De notre correspondante
à New York
Cette découverte a plusieurs implications, comme l'explique au « Quotidien » le Pr Philippe Gros, biochimiste à l'université McGill de Montréal, qui a dirigé ces travaux. « Premièrement, à l'instar d'autres troubles spécifiques du globule rouge, tels que l'anémie drépanocytaire et la thalassémie, le déficit en pyruvate kinase (PK) protège contre le paludisme. Deuxièmement, le parasite du paludisme pourrait avoir exercé une pression sélective afin de conserver des allèles PK délétères dans la population humaine normale. Enfin, le métabolisme du glucose dans les globules rouges pourrait être une voie d'investigation pour découvrir d'éventuelles approches pour le traitement du paludisme. »
Le paludisme est la plus importante des parasitoses humaines, causant de 300 à 500 millions de cas cliniques et 1 million de décès chaque année. Chez l'homme, la maladie est imputable aux effets directement liés à l'invasion des globules rouges, à leur destruction par les parasites et à la réponse de l'hôte.

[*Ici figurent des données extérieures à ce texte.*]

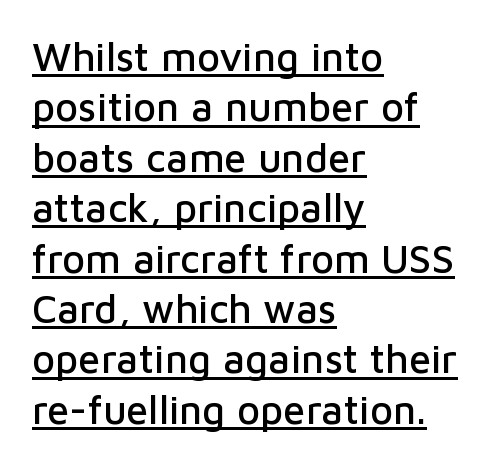
The image shows 40 px sans-serif type, upright; set left-aligned, normal line spacing (1.26x), normal letter spacing, underlined; low stroke contrast and a medium x-height.
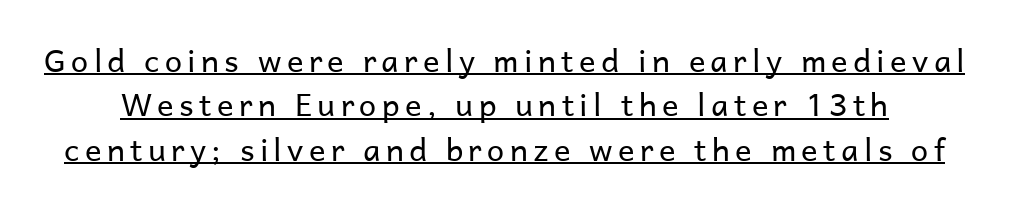
{"serif": "no", "italic": "no", "bold": "no", "weight": "regular", "width": "normal", "stroke_contrast": "low", "x_height": "medium", "monospaced": "no", "underline": "yes", "line_spacing": "normal", "line_spacing_ratio": 1.43, "glyph_px": 31}
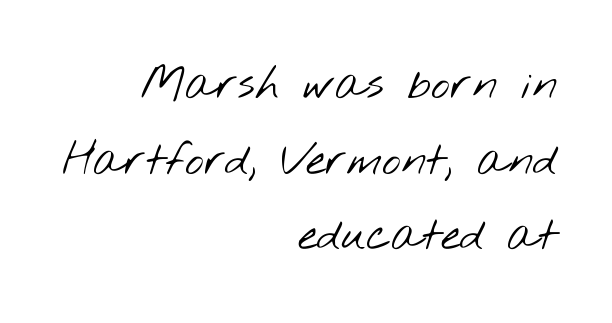
Q: Is the text bold? A: No.
Q: Is the typeface a serif or a sans-serif typeface? A: Sans-serif.
Q: Is the text underlined? A: No.
Q: How is the paragraph aligned? A: Right-aligned.
Q: Is the spacing between letters normal or unusually wide? A: Normal.
Q: Is the spacing between lines tight, normal or loose? A: Normal.
Q: Width (condensed, normal, or wide)? A: Wide.
Q: Stroke contrast? A: Low.
Q: x-height? A: Small.
Q: Monospaced? A: No.
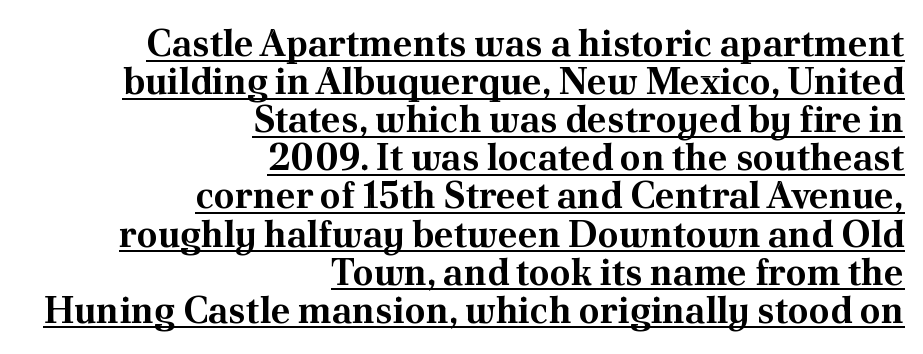
{"serif": "yes", "italic": "no", "bold": "yes", "weight": "bold", "width": "normal", "stroke_contrast": "medium", "x_height": "small", "monospaced": "no", "underline": "yes", "align": "right", "line_spacing": "tight", "line_spacing_ratio": 1.03, "letter_spacing": "normal", "letter_spacing_em": 0.0, "glyph_px": 37}
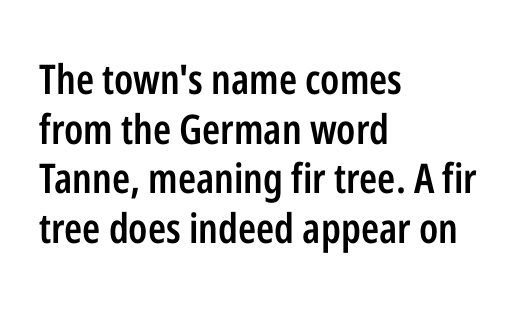
Is this a sans? Yes — the strokes have no serifs. Vertical strokes here are truly vertical. Looks like regular typesetting: each glyph gets only the width it needs. Caption: multi-line text, flush left, ragged right. Decoration check: the copy has no underline. In terms of letterspacing, this is plain default setting.
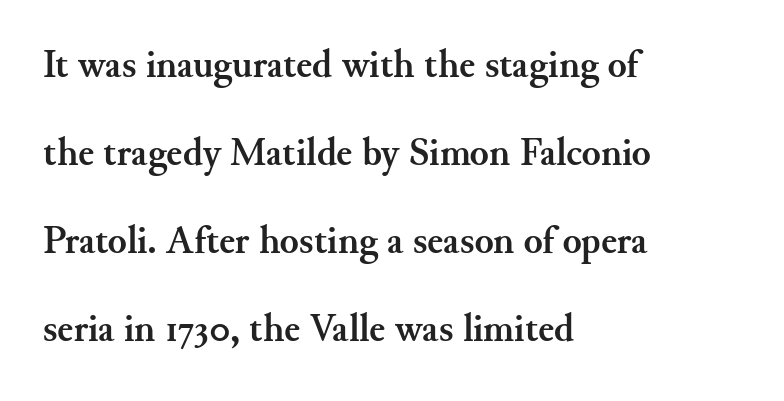
The image shows 39 px semibold serif type, upright; set left-aligned, loose line spacing (2.26x), normal letter spacing, not underlined; medium stroke contrast and a small x-height.

La susceptibilité initiale à l'infection par les quatre espèces de Plasmodium ainsi que la gravité de la maladie et l'évolution finale du paludisme (autoguérison ou décès) sont sous le contrôle de nombreux gènes.
On sait que des allèles associés à l'anémie drépanocytaire, à la bêta-thalassémie et au déficit en glucose 6-phosphate déshydrogénase (G6PD) ont un effet protecteur contre le paludisme et pourraient avoir été retenus par pression sélective dans les zones d'endémie palustre. De même, des variations génétiques dans les antigènes des érythrocytes et dans les taux des cytokines de l'hôte affectent le type et la gravité de la maladie.
La parasitémie reste faible
ros et coll. ont étudié deux souches de souris qui sont particulièrement résistantes au paludisme. En effet, lorsque ces souris sont infectées par Plasmodium chabaudi, la parasitémie reste faible, disparaît rapidement, et il n'y a pas de mortalité. Ces souris sont résistantes, bien qu'elles portent deux allèles de susceptibilité, Char 1 (chromosome 9) et Char 2 (chromosome 8).
Les chercheurs ont constaté que cette résistance au paludisme est transmise de façon autosomique récessive et est liée à un locus sur le chromosome 3 (Char 4).
L'équipe a séquencé les gènes candidats de la région Char 4. Ils ont ainsi découvert qu'une mutation inactivante (perte de fonction) dans le gène de la pyruvate kinase confère la résistance au paludisme.
Des hypothèses
Les chercheurs ne savent pas encore pourquoi le déficit en pyruvate kinase affecte la capacité de réplication de Plasmodium dans les érythrocytes, mais émettent plusieurs hypothèses. Le déficit pourrait, par exemple, rendre la membrane érythrocytaire plus rigide, affectant l'invasion du parasite. Une des autres hypothèses proposées est que le déficit pourrait altérer le métabolisme glucosé du parasite dans l'érythrocyte.
« Nos résultats chez la souris suggèrent que l'homozygotie pour le déficit en pyruvate kinase confère une protection contre le paludisme », concluent les chercheurs canadiens.
Chez l'homme, plusieurs mutations sur les deux copies du gène de la pyruvate kinase (sur le chromosome 1) ont été associées au déficit en pyruvate kinase, et cette anomalie enzymatique est la cause la plus fréquente d'anémie hémolytique non sphérocytaire héréditaire.
L'équipe examine maintenant la possibilité que le déficit en pyruvate kinase puisse conférer à l'homme une protection contre le paludisme.